Work instructions: Restate all the data word for word and omit the pictures.

Material for the task:
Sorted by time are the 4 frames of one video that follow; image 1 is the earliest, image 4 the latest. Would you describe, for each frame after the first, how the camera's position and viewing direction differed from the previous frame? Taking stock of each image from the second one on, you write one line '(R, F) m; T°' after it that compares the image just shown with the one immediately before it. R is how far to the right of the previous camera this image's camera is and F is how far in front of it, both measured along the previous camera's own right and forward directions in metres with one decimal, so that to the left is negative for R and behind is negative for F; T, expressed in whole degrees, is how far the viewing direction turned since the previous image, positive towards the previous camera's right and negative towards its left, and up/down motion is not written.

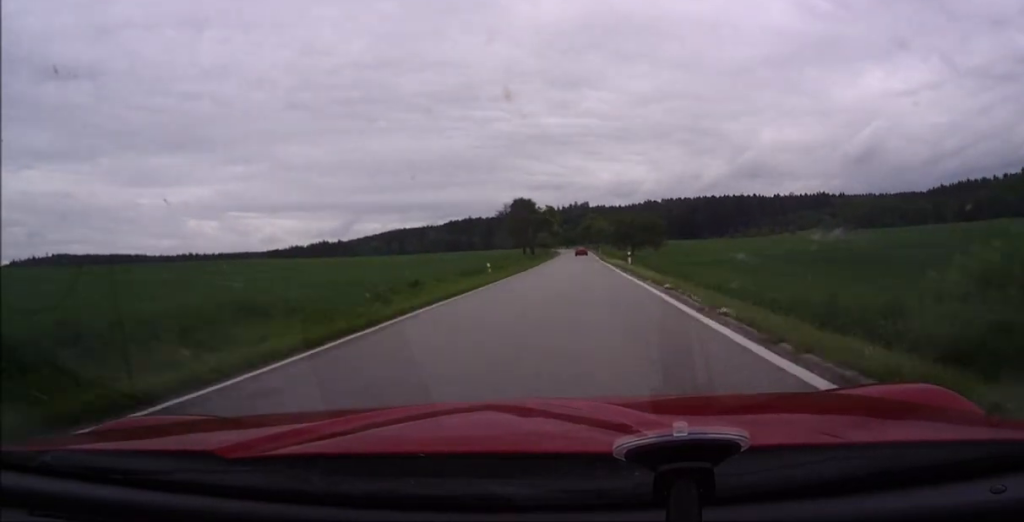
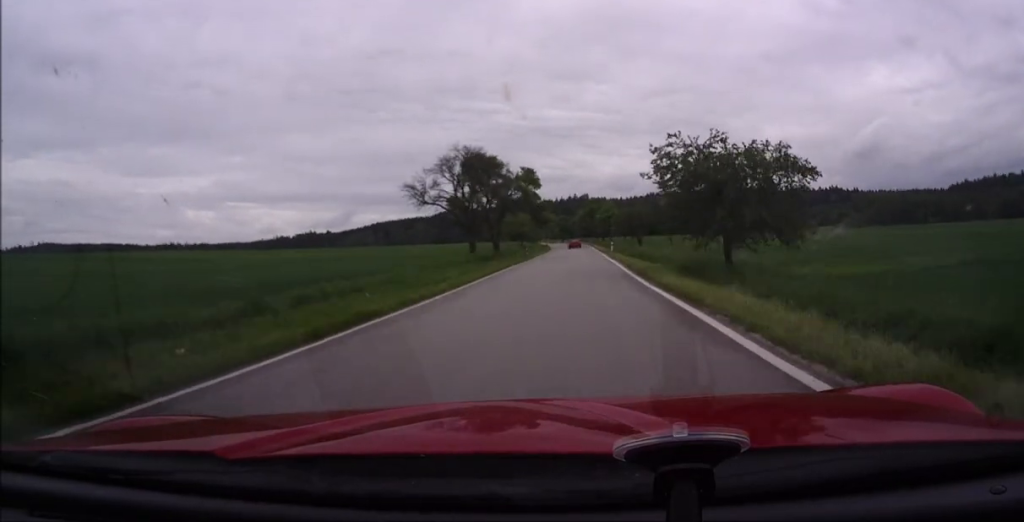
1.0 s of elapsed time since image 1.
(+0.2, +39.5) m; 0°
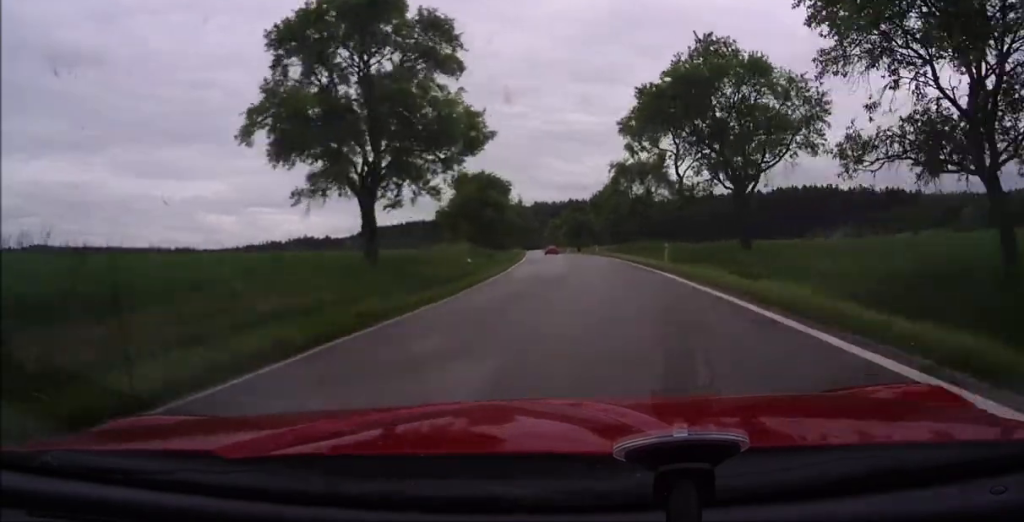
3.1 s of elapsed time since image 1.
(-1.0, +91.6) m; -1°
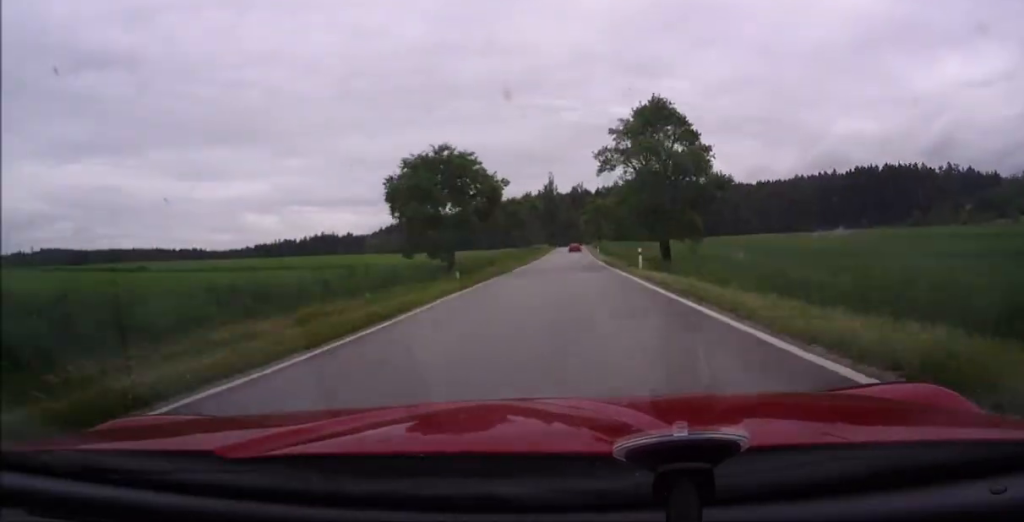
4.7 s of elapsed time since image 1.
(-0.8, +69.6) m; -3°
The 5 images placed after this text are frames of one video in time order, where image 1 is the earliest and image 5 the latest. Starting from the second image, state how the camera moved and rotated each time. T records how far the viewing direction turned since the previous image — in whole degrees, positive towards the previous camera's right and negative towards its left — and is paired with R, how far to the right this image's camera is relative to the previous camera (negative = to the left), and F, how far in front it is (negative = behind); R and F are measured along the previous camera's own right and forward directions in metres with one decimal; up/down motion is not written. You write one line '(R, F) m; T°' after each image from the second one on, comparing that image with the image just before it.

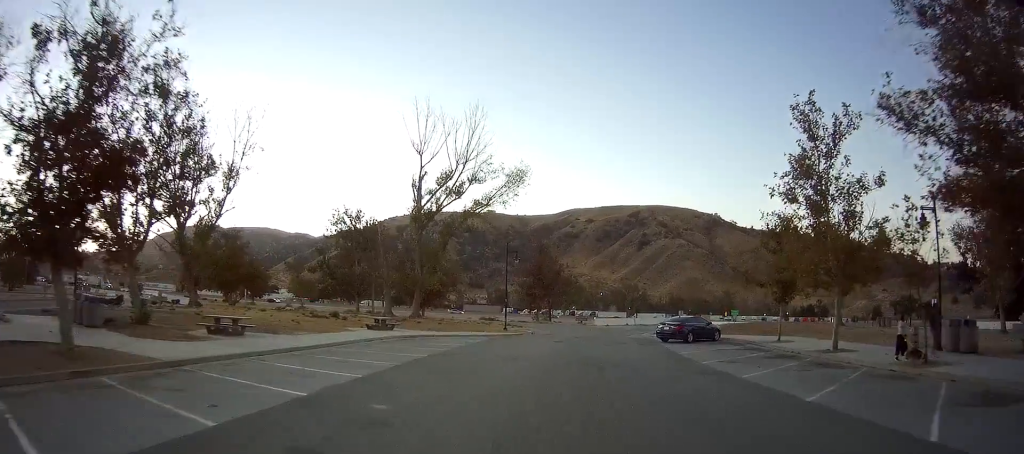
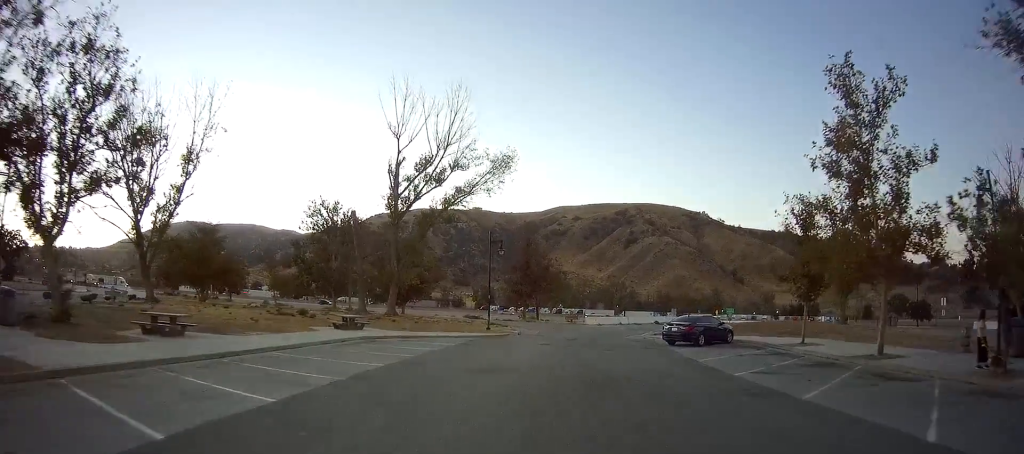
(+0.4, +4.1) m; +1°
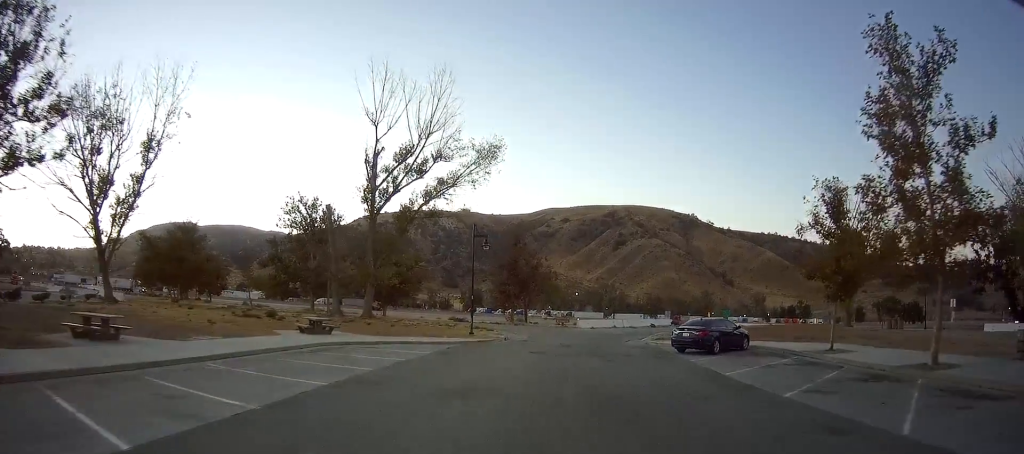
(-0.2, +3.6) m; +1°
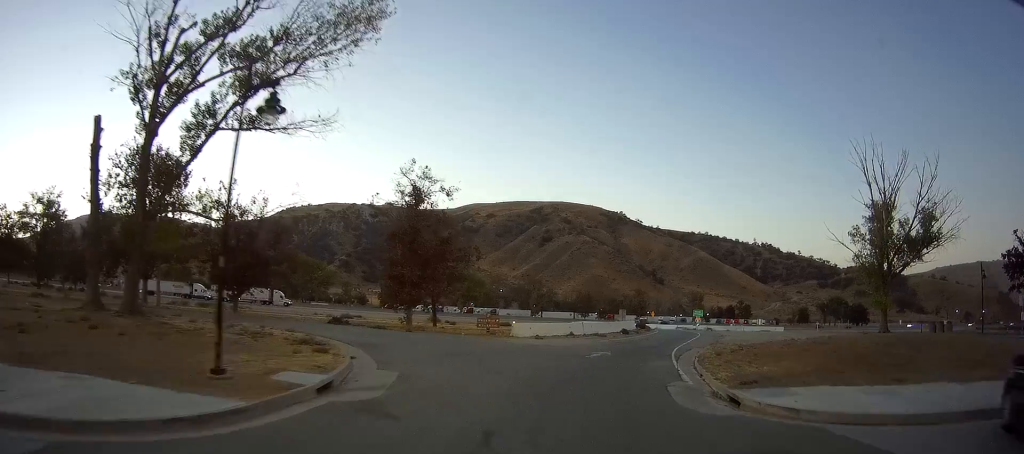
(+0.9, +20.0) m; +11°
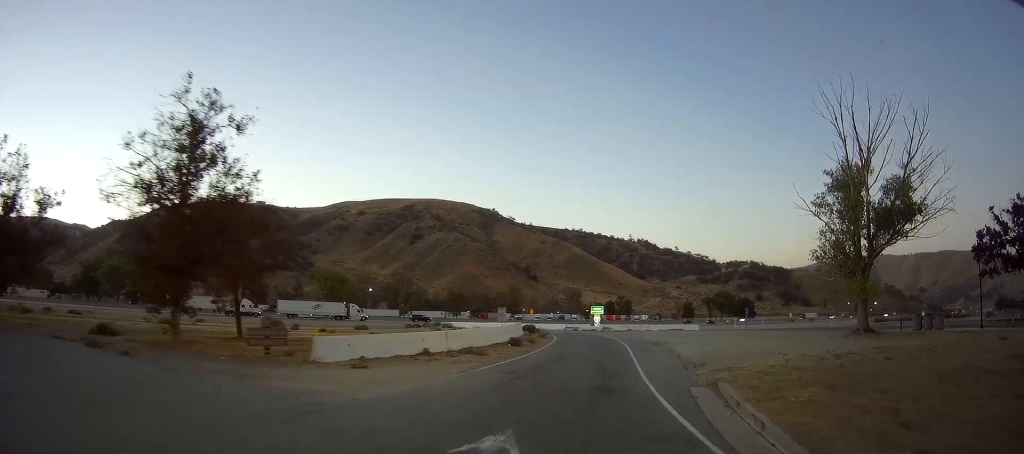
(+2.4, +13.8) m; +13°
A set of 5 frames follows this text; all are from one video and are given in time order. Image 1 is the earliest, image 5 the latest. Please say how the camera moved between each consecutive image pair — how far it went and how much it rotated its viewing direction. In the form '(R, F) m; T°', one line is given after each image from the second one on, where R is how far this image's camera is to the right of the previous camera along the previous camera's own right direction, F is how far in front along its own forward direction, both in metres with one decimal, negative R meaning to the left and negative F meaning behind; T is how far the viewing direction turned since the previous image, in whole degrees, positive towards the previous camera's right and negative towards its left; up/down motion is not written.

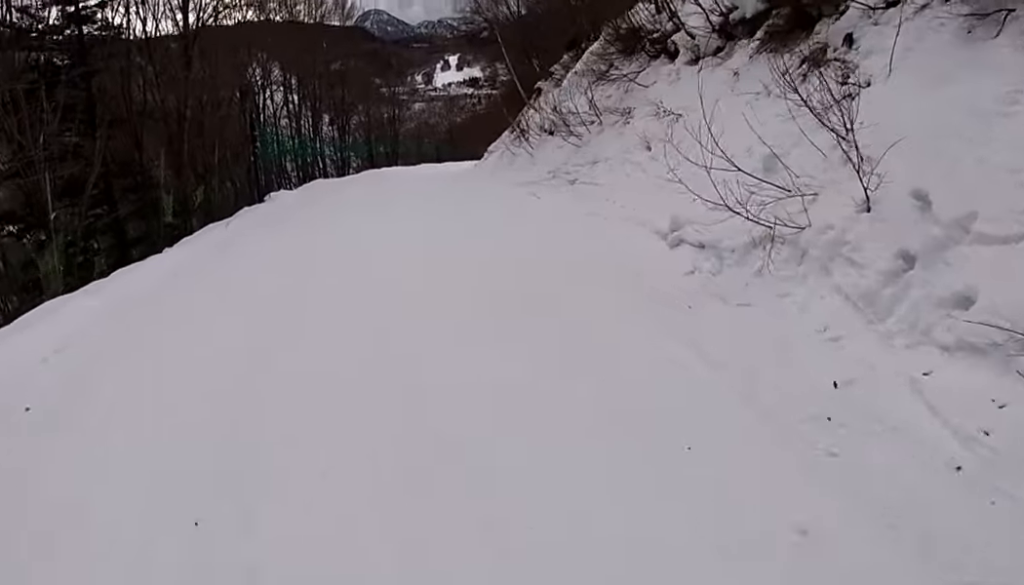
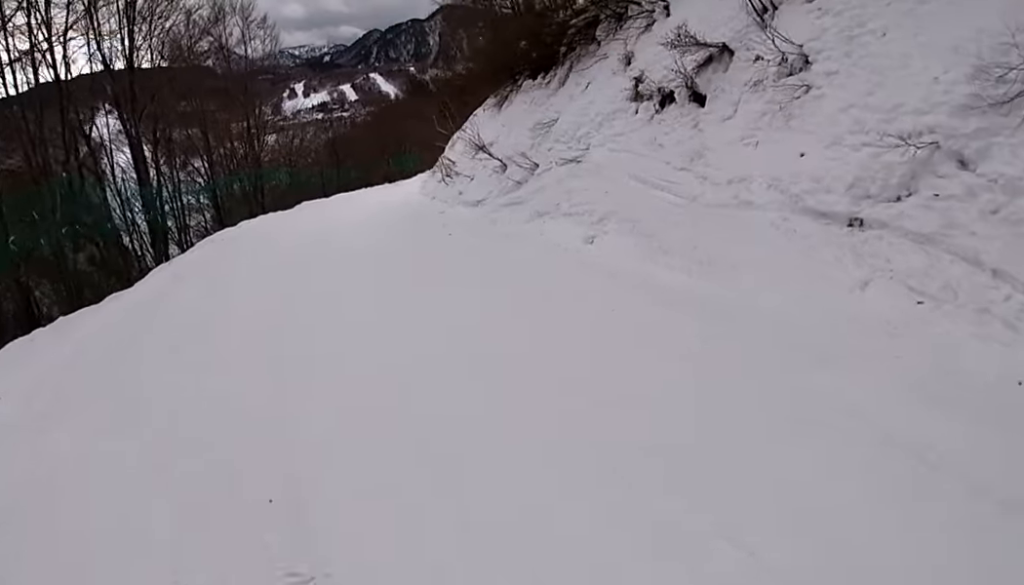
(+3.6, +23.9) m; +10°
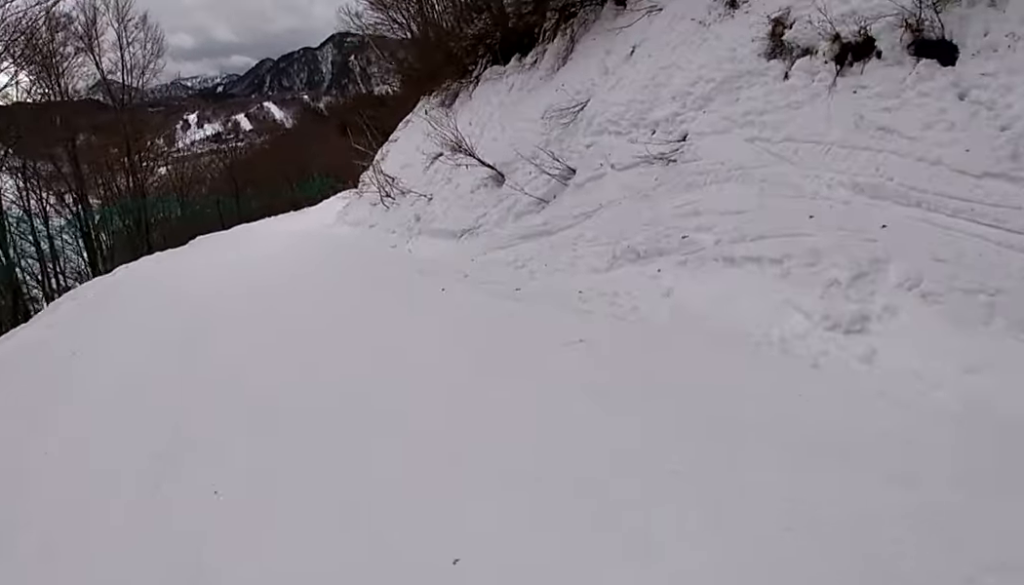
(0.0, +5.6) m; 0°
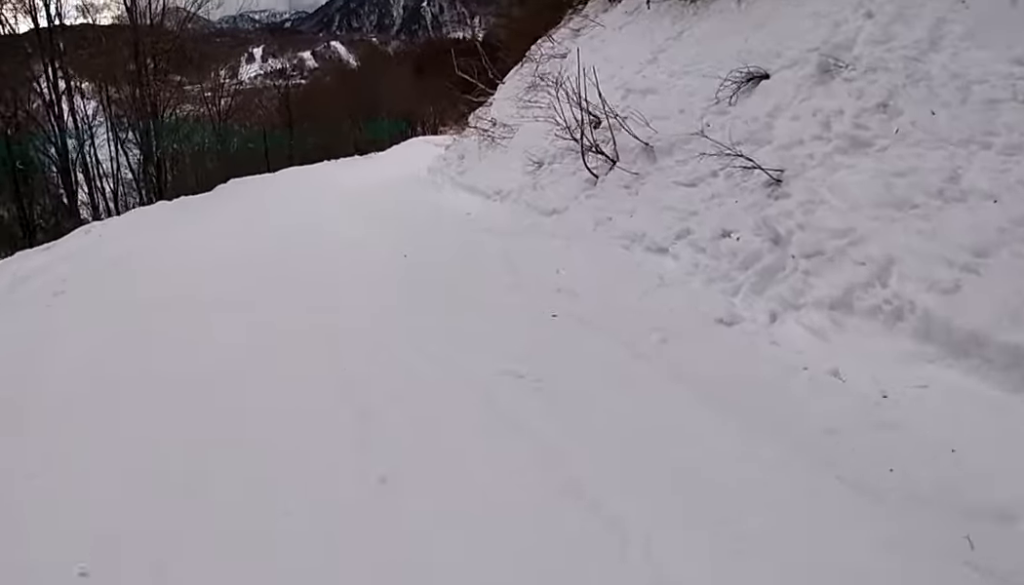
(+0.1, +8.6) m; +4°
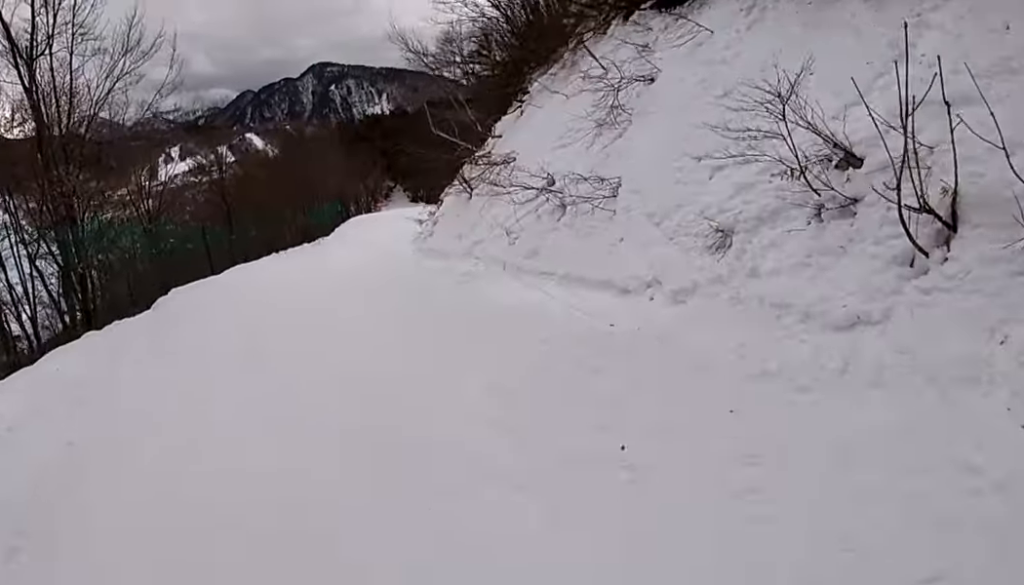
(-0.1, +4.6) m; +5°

Written reply:
Sorted by time are the 4 frames of one video that follow; image 1 is the earliest, image 4 the latest. Would you describe, for each frame after the first, how the camera's position and viewing direction differed from the previous frame? Taking stock of each image from the second one on, you write one line '(R, F) m; T°' after it that compares the image just shown with the one immediately before it. R is how far to the right of the previous camera this image's camera is and F is how far in front of it, both measured along the previous camera's own right and forward directions in metres with one decimal, so that to the left is negative for R and behind is negative for F; T, expressed in whole degrees, is how far the viewing direction turned since the previous image, positive towards the previous camera's right and negative towards its left, and up/down motion is not written.

1.0 s of elapsed time since image 1.
(+0.2, +39.5) m; 0°
3.1 s of elapsed time since image 1.
(-1.0, +91.6) m; -1°
4.7 s of elapsed time since image 1.
(-0.8, +69.6) m; -3°
The 5 images placed after this text are frames of one video in time order, where image 1 is the earliest and image 5 the latest. Starting from the second image, state how the camera moved and rotated each time. T records how far the viewing direction turned since the previous image — in whole degrees, positive towards the previous camera's right and negative towards its left — and is paired with R, how far to the right this image's camera is relative to the previous camera (negative = to the left), and F, how far in front it is (negative = behind); R and F are measured along the previous camera's own right and forward directions in metres with one decimal; up/down motion is not written. You write one line '(R, F) m; T°' after each image from the second one on, comparing that image with the image just before it.

(+0.4, +4.1) m; +1°
(-0.2, +3.6) m; +1°
(+0.9, +20.0) m; +11°
(+2.4, +13.8) m; +13°
A set of 5 frames follows this text; all are from one video and are given in time order. Image 1 is the earliest, image 5 the latest. Please say how the camera moved between each consecutive image pair — how far it went and how much it rotated its viewing direction. In the form '(R, F) m; T°', one line is given after each image from the second one on, where R is how far this image's camera is to the right of the previous camera along the previous camera's own right direction, F is how far in front along its own forward direction, both in metres with one decimal, negative R meaning to the left and negative F meaning behind; T is how far the viewing direction turned since the previous image, in whole degrees, positive towards the previous camera's right and negative towards its left; up/down motion is not written.

(+3.6, +23.9) m; +10°
(0.0, +5.6) m; 0°
(+0.1, +8.6) m; +4°
(-0.1, +4.6) m; +5°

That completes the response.